Comparing segmentations by applying randomization techniques
1 HIIT Basic Research Unit, Department of Computer Science, P.O.Box 68, FI-00014 University of Helsinki, Finland
2 Laboratory of Computer and Information Science, Helsinki University of Technology, FI-02015 TKK, Finland
BMC Bioinformatics 2007, 8:171 doi:10.1186/1471-2105-8-171Published: 23 May 2007
There exist many segmentation techniques for genomic sequences, and the segmentations can also be based on many different biological features. We show how to evaluate and compare the quality of segmentations obtained by different techniques and alternative biological features.

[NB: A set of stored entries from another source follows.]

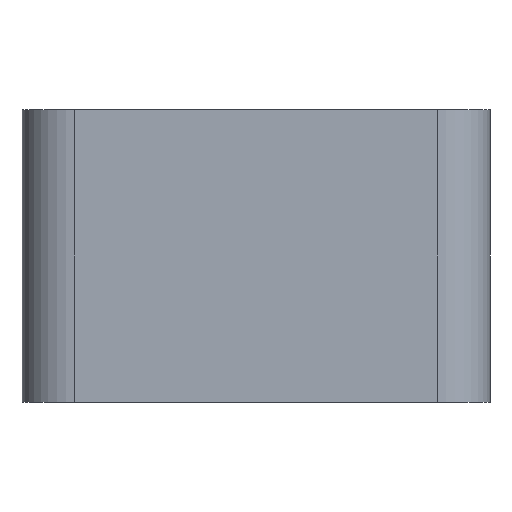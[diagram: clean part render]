
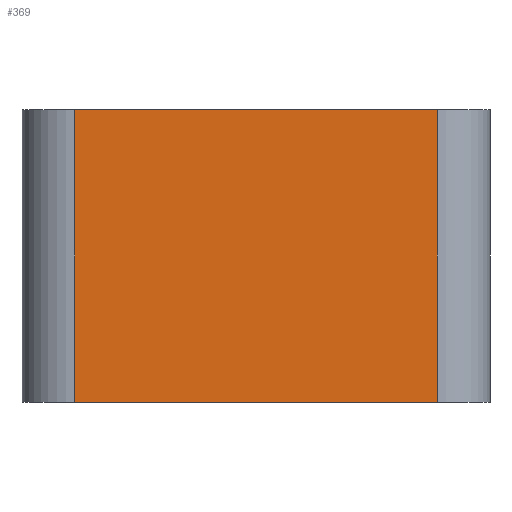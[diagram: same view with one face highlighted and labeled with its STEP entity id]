
A CAD part, front view. The second image highlights one B-rep face of the part: STEP entity #369.
In plain terms, the highlighted planar face has unit normal (0, -1, 0).
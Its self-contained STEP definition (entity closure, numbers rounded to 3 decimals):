
#72 = PLANE('',#73);
#73 = AXIS2_PLACEMENT_3D('',#74,#75,#76);
#74 = CARTESIAN_POINT('',(-31.,70.,50.));
#75 = DIRECTION('',(0.,0.,1.));
#76 = DIRECTION('',(1.,0.,0.));
#126 = PLANE('',#127);
#127 = AXIS2_PLACEMENT_3D('',#128,#129,#130);
#128 = CARTESIAN_POINT('',(-31.,70.,0.));
#129 = DIRECTION('',(0.,0.,1.));
#130 = DIRECTION('',(1.,0.,0.));
#259 = CYLINDRICAL_SURFACE('',#260,9.);
#260 = AXIS2_PLACEMENT_3D('',#261,#262,#263);
#261 = CARTESIAN_POINT('',(31.,-61.,0.));
#262 = DIRECTION('',(-0.,-0.,-1.));
#263 = DIRECTION('',(1.,0.,0.));
#295 = EDGE_CURVE('',#296,#298,#300,.T.);
#296 = VERTEX_POINT('',#297);
#297 = CARTESIAN_POINT('',(31.,-70.,0.));
#298 = VERTEX_POINT('',#299);
#299 = CARTESIAN_POINT('',(31.,-70.,50.));
#300 = SURFACE_CURVE('',#301,(#305,#312),.PCURVE_S1.);
#301 = LINE('',#302,#303);
#302 = CARTESIAN_POINT('',(31.,-70.,0.));
#303 = VECTOR('',#304,1.);
#304 = DIRECTION('',(0.,0.,1.));
#305 = PCURVE('',#259,#306);
#306 = DEFINITIONAL_REPRESENTATION('',(#307),#311);
#307 = LINE('',#308,#309);
#308 = CARTESIAN_POINT('',(-4.712,0.));
#309 = VECTOR('',#310,1.);
#310 = DIRECTION('',(-0.,-1.));
#311 = ( GEOMETRIC_REPRESENTATION_CONTEXT(2) 
PARAMETRIC_REPRESENTATION_CONTEXT() REPRESENTATION_CONTEXT('2D SPACE',''
  ) );
#312 = PCURVE('',#313,#318);
#313 = PLANE('',#314);
#314 = AXIS2_PLACEMENT_3D('',#315,#316,#317);
#315 = CARTESIAN_POINT('',(31.,-70.,0.));
#316 = DIRECTION('',(0.,-1.,0.));
#317 = DIRECTION('',(-1.,0.,0.));
#318 = DEFINITIONAL_REPRESENTATION('',(#319),#323);
#319 = LINE('',#320,#321);
#320 = CARTESIAN_POINT('',(0.,-0.));
#321 = VECTOR('',#322,1.);
#322 = DIRECTION('',(0.,-1.));
#323 = ( GEOMETRIC_REPRESENTATION_CONTEXT(2) 
PARAMETRIC_REPRESENTATION_CONTEXT() REPRESENTATION_CONTEXT('2D SPACE',''
  ) );
#369 = ADVANCED_FACE('',(#370),#313,.T.);
#370 = FACE_BOUND('',#371,.T.);
#371 = EDGE_LOOP('',(#372,#373,#396,#424));
#372 = ORIENTED_EDGE('',*,*,#295,.T.);
#373 = ORIENTED_EDGE('',*,*,#374,.T.);
#374 = EDGE_CURVE('',#298,#375,#377,.T.);
#375 = VERTEX_POINT('',#376);
#376 = CARTESIAN_POINT('',(-31.,-70.,50.));
#377 = SURFACE_CURVE('',#378,(#382,#389),.PCURVE_S1.);
#378 = LINE('',#379,#380);
#379 = CARTESIAN_POINT('',(31.,-70.,50.));
#380 = VECTOR('',#381,1.);
#381 = DIRECTION('',(-1.,0.,0.));
#382 = PCURVE('',#313,#383);
#383 = DEFINITIONAL_REPRESENTATION('',(#384),#388);
#384 = LINE('',#385,#386);
#385 = CARTESIAN_POINT('',(0.,-50.));
#386 = VECTOR('',#387,1.);
#387 = DIRECTION('',(1.,0.));
#388 = ( GEOMETRIC_REPRESENTATION_CONTEXT(2) 
PARAMETRIC_REPRESENTATION_CONTEXT() REPRESENTATION_CONTEXT('2D SPACE',''
  ) );
#389 = PCURVE('',#72,#390);
#390 = DEFINITIONAL_REPRESENTATION('',(#391),#395);
#391 = LINE('',#392,#393);
#392 = CARTESIAN_POINT('',(62.,-140.));
#393 = VECTOR('',#394,1.);
#394 = DIRECTION('',(-1.,0.));
#395 = ( GEOMETRIC_REPRESENTATION_CONTEXT(2) 
PARAMETRIC_REPRESENTATION_CONTEXT() REPRESENTATION_CONTEXT('2D SPACE',''
  ) );
#396 = ORIENTED_EDGE('',*,*,#397,.F.);
#397 = EDGE_CURVE('',#398,#375,#400,.T.);
#398 = VERTEX_POINT('',#399);
#399 = CARTESIAN_POINT('',(-31.,-70.,0.));
#400 = SURFACE_CURVE('',#401,(#405,#412),.PCURVE_S1.);
#401 = LINE('',#402,#403);
#402 = CARTESIAN_POINT('',(-31.,-70.,0.));
#403 = VECTOR('',#404,1.);
#404 = DIRECTION('',(0.,0.,1.));
#405 = PCURVE('',#313,#406);
#406 = DEFINITIONAL_REPRESENTATION('',(#407),#411);
#407 = LINE('',#408,#409);
#408 = CARTESIAN_POINT('',(62.,0.));
#409 = VECTOR('',#410,1.);
#410 = DIRECTION('',(0.,-1.));
#411 = ( GEOMETRIC_REPRESENTATION_CONTEXT(2) 
PARAMETRIC_REPRESENTATION_CONTEXT() REPRESENTATION_CONTEXT('2D SPACE',''
  ) );
#412 = PCURVE('',#413,#418);
#413 = CYLINDRICAL_SURFACE('',#414,9.);
#414 = AXIS2_PLACEMENT_3D('',#415,#416,#417);
#415 = CARTESIAN_POINT('',(-31.,-61.,0.));
#416 = DIRECTION('',(-0.,-0.,-1.));
#417 = DIRECTION('',(1.,0.,0.));
#418 = DEFINITIONAL_REPRESENTATION('',(#419),#423);
#419 = LINE('',#420,#421);
#420 = CARTESIAN_POINT('',(-4.712,0.));
#421 = VECTOR('',#422,1.);
#422 = DIRECTION('',(-0.,-1.));
#423 = ( GEOMETRIC_REPRESENTATION_CONTEXT(2) 
PARAMETRIC_REPRESENTATION_CONTEXT() REPRESENTATION_CONTEXT('2D SPACE',''
  ) );
#424 = ORIENTED_EDGE('',*,*,#425,.F.);
#425 = EDGE_CURVE('',#296,#398,#426,.T.);
#426 = SURFACE_CURVE('',#427,(#431,#438),.PCURVE_S1.);
#427 = LINE('',#428,#429);
#428 = CARTESIAN_POINT('',(31.,-70.,0.));
#429 = VECTOR('',#430,1.);
#430 = DIRECTION('',(-1.,0.,0.));
#431 = PCURVE('',#313,#432);
#432 = DEFINITIONAL_REPRESENTATION('',(#433),#437);
#433 = LINE('',#434,#435);
#434 = CARTESIAN_POINT('',(0.,-0.));
#435 = VECTOR('',#436,1.);
#436 = DIRECTION('',(1.,0.));
#437 = ( GEOMETRIC_REPRESENTATION_CONTEXT(2) 
PARAMETRIC_REPRESENTATION_CONTEXT() REPRESENTATION_CONTEXT('2D SPACE',''
  ) );
#438 = PCURVE('',#126,#439);
#439 = DEFINITIONAL_REPRESENTATION('',(#440),#444);
#440 = LINE('',#441,#442);
#441 = CARTESIAN_POINT('',(62.,-140.));
#442 = VECTOR('',#443,1.);
#443 = DIRECTION('',(-1.,0.));
#444 = ( GEOMETRIC_REPRESENTATION_CONTEXT(2) 
PARAMETRIC_REPRESENTATION_CONTEXT() REPRESENTATION_CONTEXT('2D SPACE',''
  ) );

We apply randomization techniques for evaluating the quality of a given segmentation. Our example applications include isochore detection and the discovery of coding-noncoding structure. We obtain segmentations of relevant sequences by applying different techniques, and use alternative features to segment on. We show that some of the obtained segmentations are very similar to the underlying true segmentations, and this similarity is statistically significant. For some other segmentations, we show that equally good results are likely to appear by chance.
We introduce a framework for evaluating segmentation quality, and demonstrate its use on two examples of segmental genomic structures. We transform the process of quality evaluation from simply viewing the segmentations, to obtaining p-values denoting significance of segmentation similarity.